# Your instructions
Could you set down the full listing, unchanged?

# Records for the task
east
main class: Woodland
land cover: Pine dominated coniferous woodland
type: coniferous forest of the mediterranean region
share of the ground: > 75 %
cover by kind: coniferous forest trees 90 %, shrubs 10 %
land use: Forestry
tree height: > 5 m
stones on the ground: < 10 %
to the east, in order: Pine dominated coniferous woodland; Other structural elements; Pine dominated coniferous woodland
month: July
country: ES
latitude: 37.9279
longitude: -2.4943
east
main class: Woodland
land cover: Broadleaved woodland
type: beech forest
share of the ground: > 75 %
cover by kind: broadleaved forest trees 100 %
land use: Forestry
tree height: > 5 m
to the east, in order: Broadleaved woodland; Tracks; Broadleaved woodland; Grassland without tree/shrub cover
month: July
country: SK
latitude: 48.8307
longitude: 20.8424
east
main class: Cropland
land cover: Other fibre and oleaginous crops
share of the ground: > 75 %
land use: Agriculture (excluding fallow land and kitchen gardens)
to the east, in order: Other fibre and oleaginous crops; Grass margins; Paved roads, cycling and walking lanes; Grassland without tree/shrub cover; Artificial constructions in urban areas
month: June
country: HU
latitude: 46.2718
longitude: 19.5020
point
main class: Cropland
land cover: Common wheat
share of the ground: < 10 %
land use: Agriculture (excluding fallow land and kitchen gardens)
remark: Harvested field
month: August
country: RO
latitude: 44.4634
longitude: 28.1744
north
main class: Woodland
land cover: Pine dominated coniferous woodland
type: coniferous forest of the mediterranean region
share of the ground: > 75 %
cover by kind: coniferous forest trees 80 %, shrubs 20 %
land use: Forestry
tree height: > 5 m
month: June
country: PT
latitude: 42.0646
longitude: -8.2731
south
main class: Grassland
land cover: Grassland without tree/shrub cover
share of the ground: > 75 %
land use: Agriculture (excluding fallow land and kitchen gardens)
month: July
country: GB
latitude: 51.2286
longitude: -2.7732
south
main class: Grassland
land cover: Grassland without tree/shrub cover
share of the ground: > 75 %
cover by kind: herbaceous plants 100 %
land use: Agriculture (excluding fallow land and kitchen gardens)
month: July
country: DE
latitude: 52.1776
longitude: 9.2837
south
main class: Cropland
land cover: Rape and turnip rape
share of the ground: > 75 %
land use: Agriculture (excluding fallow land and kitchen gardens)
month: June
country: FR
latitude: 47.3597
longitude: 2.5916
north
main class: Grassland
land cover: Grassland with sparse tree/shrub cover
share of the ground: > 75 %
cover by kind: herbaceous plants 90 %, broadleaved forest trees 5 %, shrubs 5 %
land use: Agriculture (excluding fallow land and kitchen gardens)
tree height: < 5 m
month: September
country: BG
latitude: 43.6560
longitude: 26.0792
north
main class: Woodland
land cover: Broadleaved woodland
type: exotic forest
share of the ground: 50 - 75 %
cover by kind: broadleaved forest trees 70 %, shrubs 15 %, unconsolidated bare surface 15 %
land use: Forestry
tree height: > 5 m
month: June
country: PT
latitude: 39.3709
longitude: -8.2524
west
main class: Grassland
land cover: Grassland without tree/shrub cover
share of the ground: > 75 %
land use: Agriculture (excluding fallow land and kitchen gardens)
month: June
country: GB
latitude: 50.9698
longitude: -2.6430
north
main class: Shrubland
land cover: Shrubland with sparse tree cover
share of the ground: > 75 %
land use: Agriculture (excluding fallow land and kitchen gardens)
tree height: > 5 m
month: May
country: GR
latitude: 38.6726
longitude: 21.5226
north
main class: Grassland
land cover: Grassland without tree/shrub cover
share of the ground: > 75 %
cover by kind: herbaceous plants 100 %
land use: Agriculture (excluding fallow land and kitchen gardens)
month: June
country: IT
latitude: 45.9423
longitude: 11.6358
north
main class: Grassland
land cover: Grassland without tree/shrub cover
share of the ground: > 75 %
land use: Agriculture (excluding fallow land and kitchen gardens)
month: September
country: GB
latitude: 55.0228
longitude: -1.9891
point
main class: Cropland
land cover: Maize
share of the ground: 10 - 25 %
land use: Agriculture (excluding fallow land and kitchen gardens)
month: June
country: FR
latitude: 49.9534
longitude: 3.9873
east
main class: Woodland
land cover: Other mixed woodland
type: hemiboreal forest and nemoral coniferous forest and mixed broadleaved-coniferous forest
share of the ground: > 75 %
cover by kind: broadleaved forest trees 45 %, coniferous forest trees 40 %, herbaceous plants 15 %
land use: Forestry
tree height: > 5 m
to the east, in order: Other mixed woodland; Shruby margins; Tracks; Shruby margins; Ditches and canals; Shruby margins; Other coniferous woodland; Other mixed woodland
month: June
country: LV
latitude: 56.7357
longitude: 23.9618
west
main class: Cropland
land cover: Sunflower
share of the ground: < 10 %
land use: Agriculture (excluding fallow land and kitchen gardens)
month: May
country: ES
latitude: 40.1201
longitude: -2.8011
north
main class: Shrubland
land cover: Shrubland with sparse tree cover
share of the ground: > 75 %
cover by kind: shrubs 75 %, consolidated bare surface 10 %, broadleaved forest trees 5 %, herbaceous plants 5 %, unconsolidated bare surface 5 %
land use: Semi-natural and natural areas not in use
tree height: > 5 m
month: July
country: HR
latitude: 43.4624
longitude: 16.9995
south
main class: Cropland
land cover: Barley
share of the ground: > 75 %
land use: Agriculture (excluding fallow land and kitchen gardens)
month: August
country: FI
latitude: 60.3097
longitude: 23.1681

# Answer to this exercise
east
main class: Woodland
land cover: Pine dominated coniferous woodland
type: coniferous forest of the mediterranean region
share of the ground: > 75 %
cover by kind: coniferous forest trees 90 %, shrubs 10 %
land use: Forestry
tree height: > 5 m
stones on the ground: < 10 %
to the east, in order: Pine dominated coniferous woodland; Other structural elements; Pine dominated coniferous woodland
month: July
country: ES
latitude: 37.9279
longitude: -2.4943
east
main class: Woodland
land cover: Broadleaved woodland
type: beech forest
share of the ground: > 75 %
cover by kind: broadleaved forest trees 100 %
land use: Forestry
tree height: > 5 m
to the east, in order: Broadleaved woodland; Tracks; Broadleaved woodland; Grassland without tree/shrub cover
month: July
country: SK
latitude: 48.8307
longitude: 20.8424
east
main class: Cropland
land cover: Other fibre and oleaginous crops
share of the ground: > 75 %
land use: Agriculture (excluding fallow land and kitchen gardens)
to the east, in order: Other fibre and oleaginous crops; Grass margins; Paved roads, cycling and walking lanes; Grassland without tree/shrub cover; Artificial constructions in urban areas
month: June
country: HU
latitude: 46.2718
longitude: 19.5020
point
main class: Cropland
land cover: Common wheat
share of the ground: < 10 %
land use: Agriculture (excluding fallow land and kitchen gardens)
remark: Harvested field
month: August
country: RO
latitude: 44.4634
longitude: 28.1744
north
main class: Woodland
land cover: Pine dominated coniferous woodland
type: coniferous forest of the mediterranean region
share of the ground: > 75 %
cover by kind: coniferous forest trees 80 %, shrubs 20 %
land use: Forestry
tree height: > 5 m
month: June
country: PT
latitude: 42.0646
longitude: -8.2731
south
main class: Grassland
land cover: Grassland without tree/shrub cover
share of the ground: > 75 %
land use: Agriculture (excluding fallow land and kitchen gardens)
month: July
country: GB
latitude: 51.2286
longitude: -2.7732
south
main class: Grassland
land cover: Grassland without tree/shrub cover
share of the ground: > 75 %
cover by kind: herbaceous plants 100 %
land use: Agriculture (excluding fallow land and kitchen gardens)
month: July
country: DE
latitude: 52.1776
longitude: 9.2837
south
main class: Cropland
land cover: Rape and turnip rape
share of the ground: > 75 %
land use: Agriculture (excluding fallow land and kitchen gardens)
month: June
country: FR
latitude: 47.3597
longitude: 2.5916
north
main class: Grassland
land cover: Grassland with sparse tree/shrub cover
share of the ground: > 75 %
cover by kind: herbaceous plants 90 %, broadleaved forest trees 5 %, shrubs 5 %
land use: Agriculture (excluding fallow land and kitchen gardens)
tree height: < 5 m
month: September
country: BG
latitude: 43.6560
longitude: 26.0792
north
main class: Woodland
land cover: Broadleaved woodland
type: exotic forest
share of the ground: 50 - 75 %
cover by kind: broadleaved forest trees 70 %, shrubs 15 %, unconsolidated bare surface 15 %
land use: Forestry
tree height: > 5 m
month: June
country: PT
latitude: 39.3709
longitude: -8.2524
west
main class: Grassland
land cover: Grassland without tree/shrub cover
share of the ground: > 75 %
land use: Agriculture (excluding fallow land and kitchen gardens)
month: June
country: GB
latitude: 50.9698
longitude: -2.6430
north
main class: Shrubland
land cover: Shrubland with sparse tree cover
share of the ground: > 75 %
land use: Agriculture (excluding fallow land and kitchen gardens)
tree height: > 5 m
month: May
country: GR
latitude: 38.6726
longitude: 21.5226
north
main class: Grassland
land cover: Grassland without tree/shrub cover
share of the ground: > 75 %
cover by kind: herbaceous plants 100 %
land use: Agriculture (excluding fallow land and kitchen gardens)
month: June
country: IT
latitude: 45.9423
longitude: 11.6358
north
main class: Grassland
land cover: Grassland without tree/shrub cover
share of the ground: > 75 %
land use: Agriculture (excluding fallow land and kitchen gardens)
month: September
country: GB
latitude: 55.0228
longitude: -1.9891
point
main class: Cropland
land cover: Maize
share of the ground: 10 - 25 %
land use: Agriculture (excluding fallow land and kitchen gardens)
month: June
country: FR
latitude: 49.9534
longitude: 3.9873
east
main class: Woodland
land cover: Other mixed woodland
type: hemiboreal forest and nemoral coniferous forest and mixed broadleaved-coniferous forest
share of the ground: > 75 %
cover by kind: broadleaved forest trees 45 %, coniferous forest trees 40 %, herbaceous plants 15 %
land use: Forestry
tree height: > 5 m
to the east, in order: Other mixed woodland; Shruby margins; Tracks; Shruby margins; Ditches and canals; Shruby margins; Other coniferous woodland; Other mixed woodland
month: June
country: LV
latitude: 56.7357
longitude: 23.9618
west
main class: Cropland
land cover: Sunflower
share of the ground: < 10 %
land use: Agriculture (excluding fallow land and kitchen gardens)
month: May
country: ES
latitude: 40.1201
longitude: -2.8011
north
main class: Shrubland
land cover: Shrubland with sparse tree cover
share of the ground: > 75 %
cover by kind: shrubs 75 %, consolidated bare surface 10 %, broadleaved forest trees 5 %, herbaceous plants 5 %, unconsolidated bare surface 5 %
land use: Semi-natural and natural areas not in use
tree height: > 5 m
month: July
country: HR
latitude: 43.4624
longitude: 16.9995
south
main class: Cropland
land cover: Barley
share of the ground: > 75 %
land use: Agriculture (excluding fallow land and kitchen gardens)
month: August
country: FI
latitude: 60.3097
longitude: 23.1681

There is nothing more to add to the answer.